ここまでの議論は、子どもの性別を区別しなかった場合の想定に基づくが、論文では影響が男女で異なる可能性を検討している。Das Gupta and Bhat (1997) では合計出生力の減少は男児が選好される社会におけるジェンダーギャップを縮小させると考える。特に、high parityの女児は不利を受けやすいとされ、この場合出生力が減少することによってジェンダーバイアスが生じるパリティの子供が減るので男女の格差は減るとする。

Das Gupta and Bhat (1997) はTFRが減少することによって男女格差がどのように減少するかを理論化しているが、論文では母親の第一子出生年齢についても検討している。以下の四つのシナリオがあるという。シナリオ1では、男女の格差は維持されたまま、全体のウェルビーイングが増加すると考える。シナリオ2では、パリティによらない男女格差が存在すると、あるいは出生規範とジェンダー規範の間にギャップが生じると、各パリティでより男児に投資しようとする傾向が高まるため、男女格差は増加すると考える。シナリオ3ではパリティによるジェンダー格差が減少するので、女性の方が男性にキャッチアップすると考える。シナリオ4は2と3の組み合わせで、最初は男児規範が変わらずラグが生じるが、規範が変わることで女児のメリットが上昇すると考える。

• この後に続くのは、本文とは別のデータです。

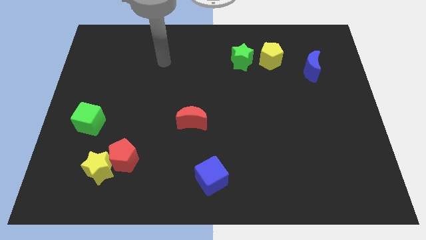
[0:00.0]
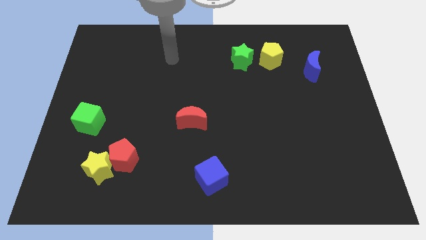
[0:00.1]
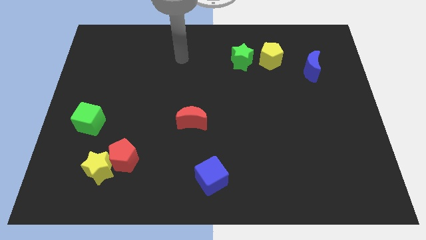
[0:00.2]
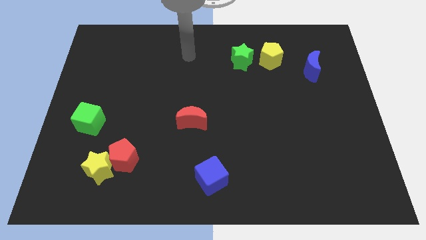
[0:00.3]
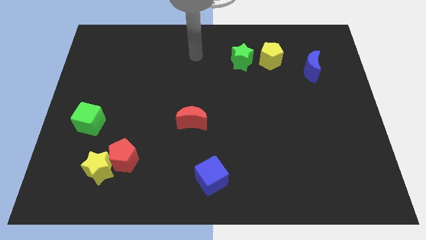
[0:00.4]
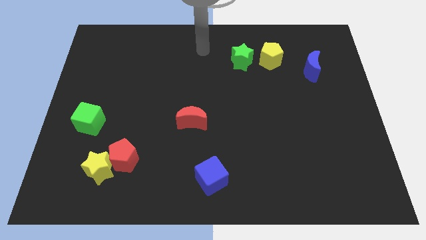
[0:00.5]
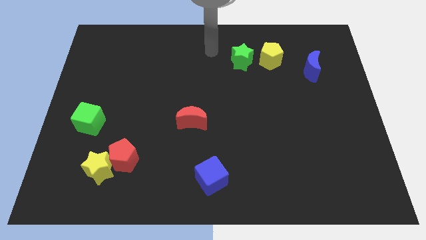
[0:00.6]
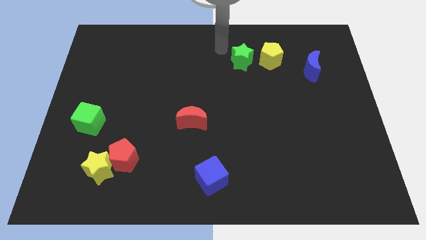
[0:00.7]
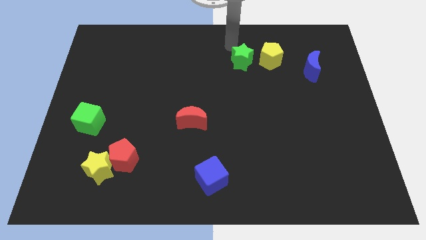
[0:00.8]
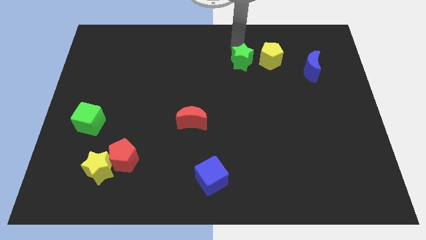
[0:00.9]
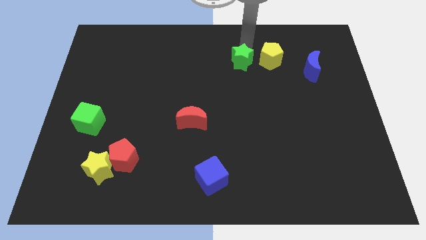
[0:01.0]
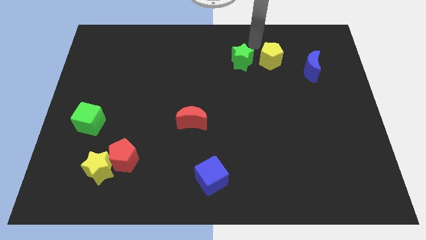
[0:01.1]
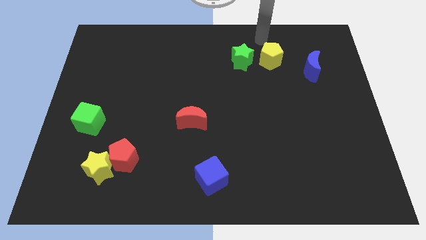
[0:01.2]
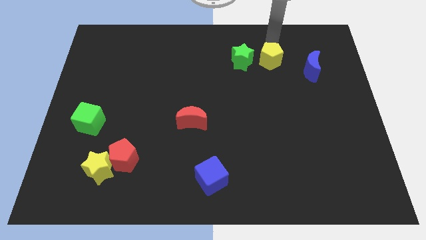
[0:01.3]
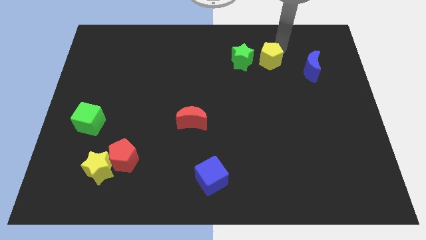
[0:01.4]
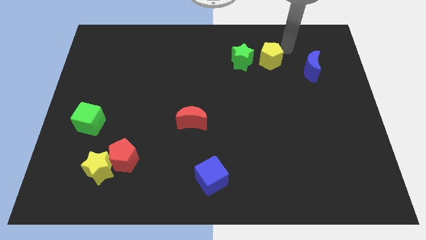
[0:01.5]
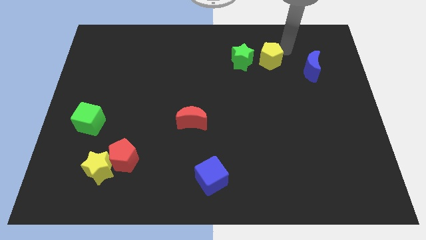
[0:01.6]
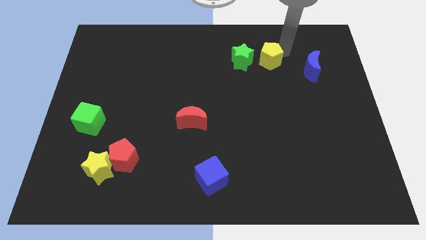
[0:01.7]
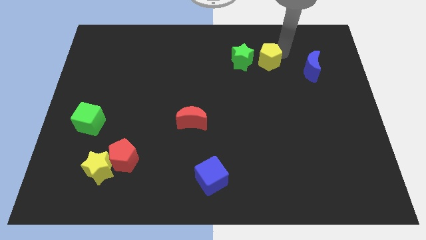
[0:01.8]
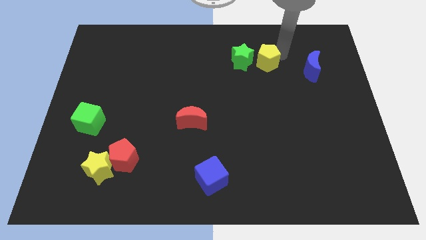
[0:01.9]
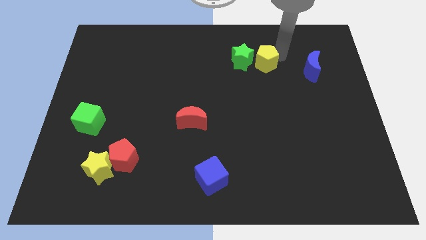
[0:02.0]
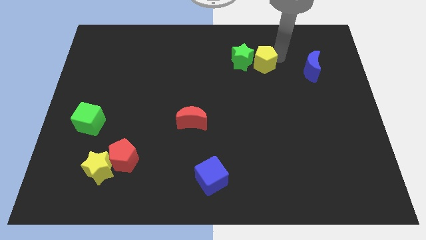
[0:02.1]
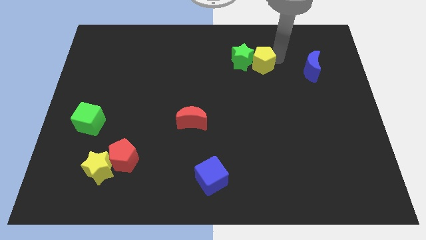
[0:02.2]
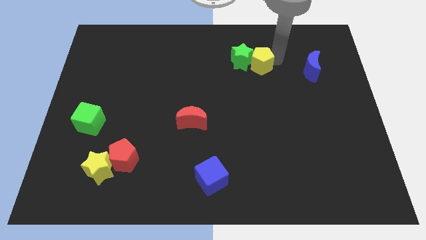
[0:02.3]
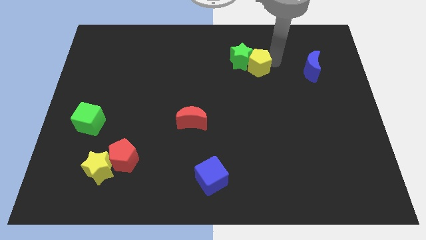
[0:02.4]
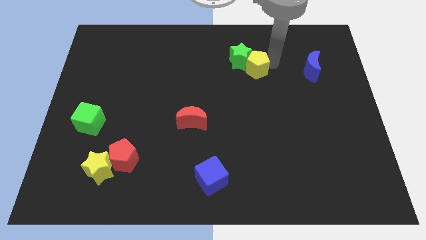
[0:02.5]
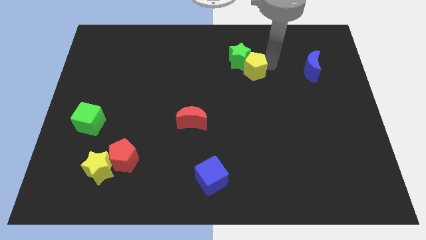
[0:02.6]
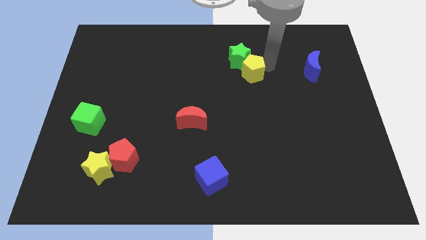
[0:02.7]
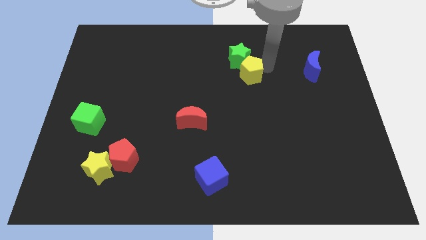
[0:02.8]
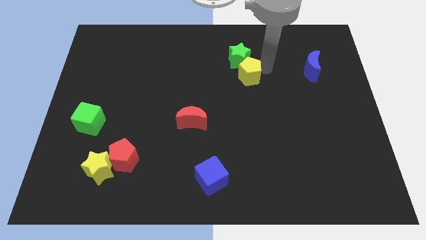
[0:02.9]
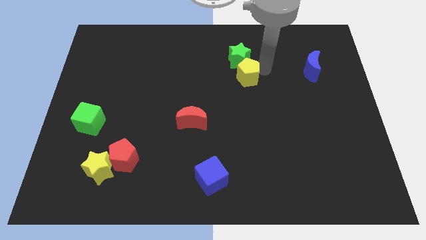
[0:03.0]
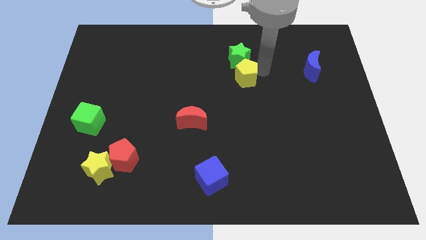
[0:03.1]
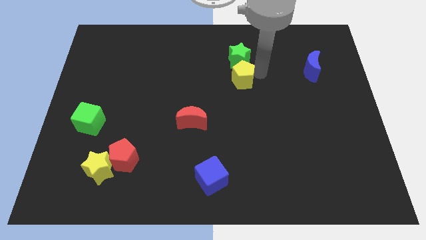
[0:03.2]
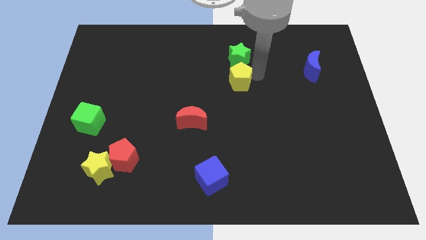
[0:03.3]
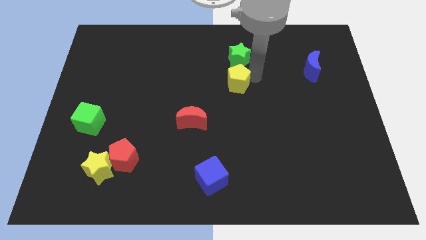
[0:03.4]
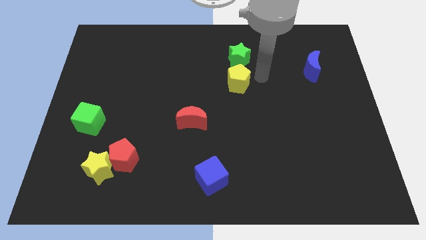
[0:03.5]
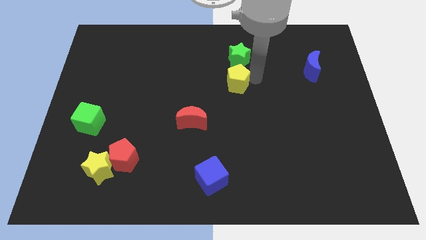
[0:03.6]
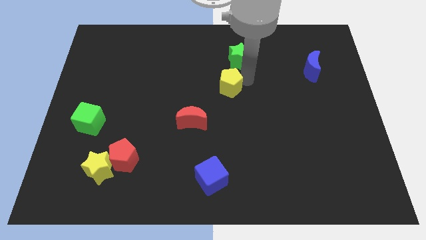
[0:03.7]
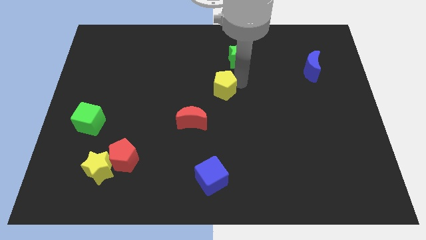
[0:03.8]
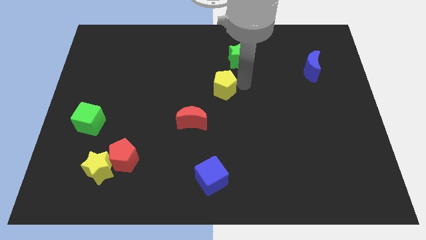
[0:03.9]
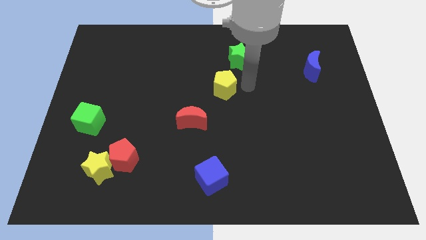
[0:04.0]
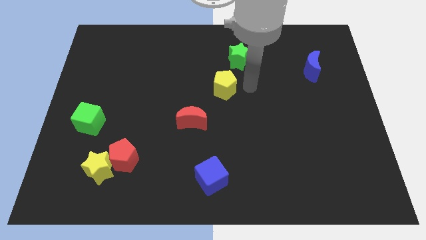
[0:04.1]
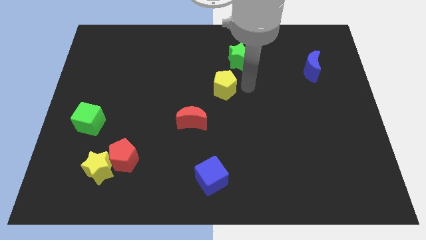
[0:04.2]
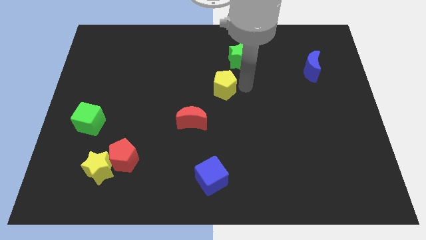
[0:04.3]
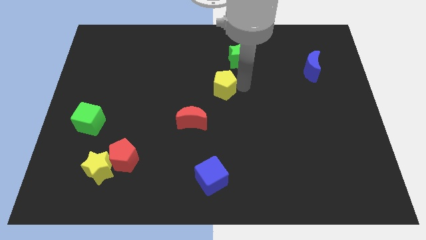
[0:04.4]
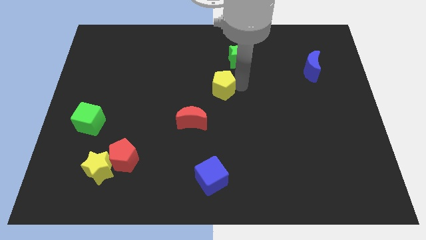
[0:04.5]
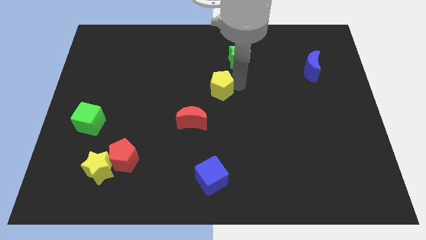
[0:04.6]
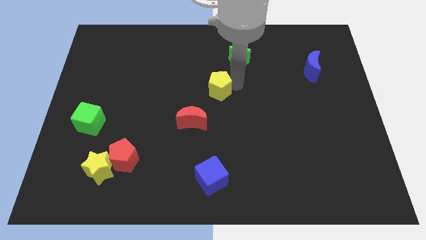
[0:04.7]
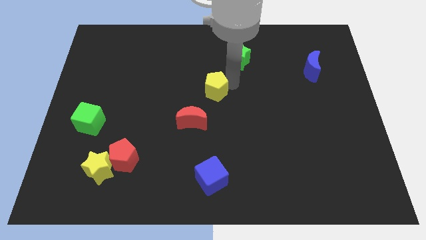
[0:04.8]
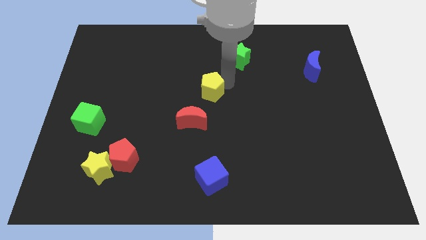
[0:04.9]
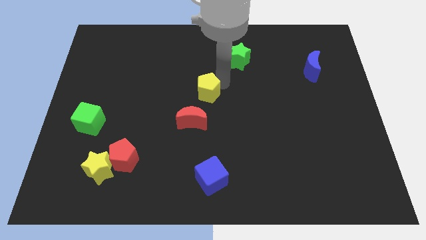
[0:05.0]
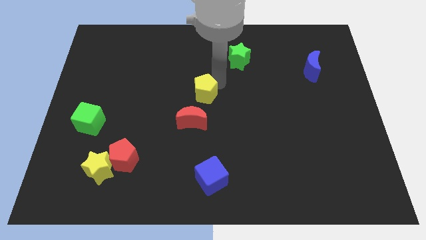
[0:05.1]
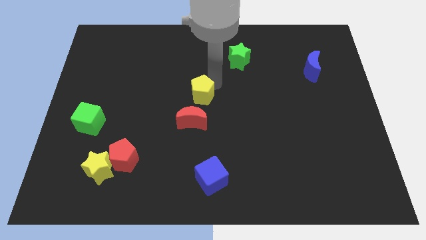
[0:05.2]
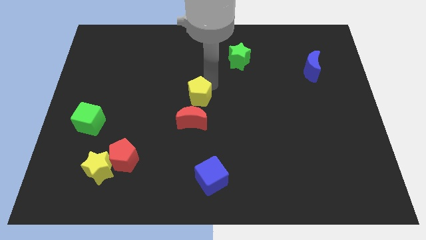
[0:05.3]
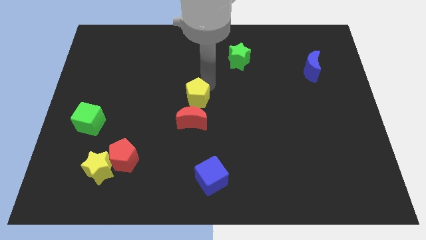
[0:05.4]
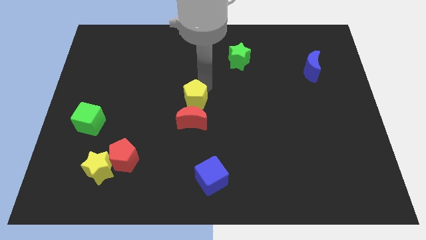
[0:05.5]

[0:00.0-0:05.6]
put the yellow pentagon to the top left side of the red moon

したがって、出生力の減少と出産年齢の高齢化によって女児のウェルビーイングには絶対的に上昇すると考えられる(仮説1)。次に、ジェンダー平等規範は低出生規範の後に登場すると考えられるので、男児選好が強い社会では低出生によって男児の相対的ウェルビーングが上昇する(仮説2)。最後に、出産年齢の高齢化自体はジェンダー平等のサインとして考えられるため、男児選好が弱い国では、出産年齢の上昇によって女児の方が相対的ウェルビーイングを高める。

分析では、60-75カ国における152-185のDemographic and Health Surveysを使用している。女児のウェルビーイングでは1-4歳の1000人の女児あたりの死亡数が10年前の調査から改善したかを指標にしている。また、0-36ヶ月の年齢別の身長体重のデータも栄養状態の指標として用いる。また12-23ヶ月の子供が推奨されるワクチンを全て摂取したかも用いている。独立変数としてはTFRと第一子出産年齢の平均を用いる。その他国と時間の固定効果、100人あたりの携帯契約数、都市人口、GDP、ODAなどを共変量として投入している。

ランダム効果と固定効果モデルの分析の結果、出生力と出生年齢の変化と女児のウェルビーングは仮説の通りの関係を示していた。具体的には、出生力の低下と年齢の高齢化によって女児の絶対的なウェルビーングは上昇していた(仮説1を支持)、出生力の低下は仮説2で予想したような男女のギャップの増加を示していた。最後に、出産年齢の高齢化によって女児の相対的ウェルビーイングが高まっていた(仮説3を支持)。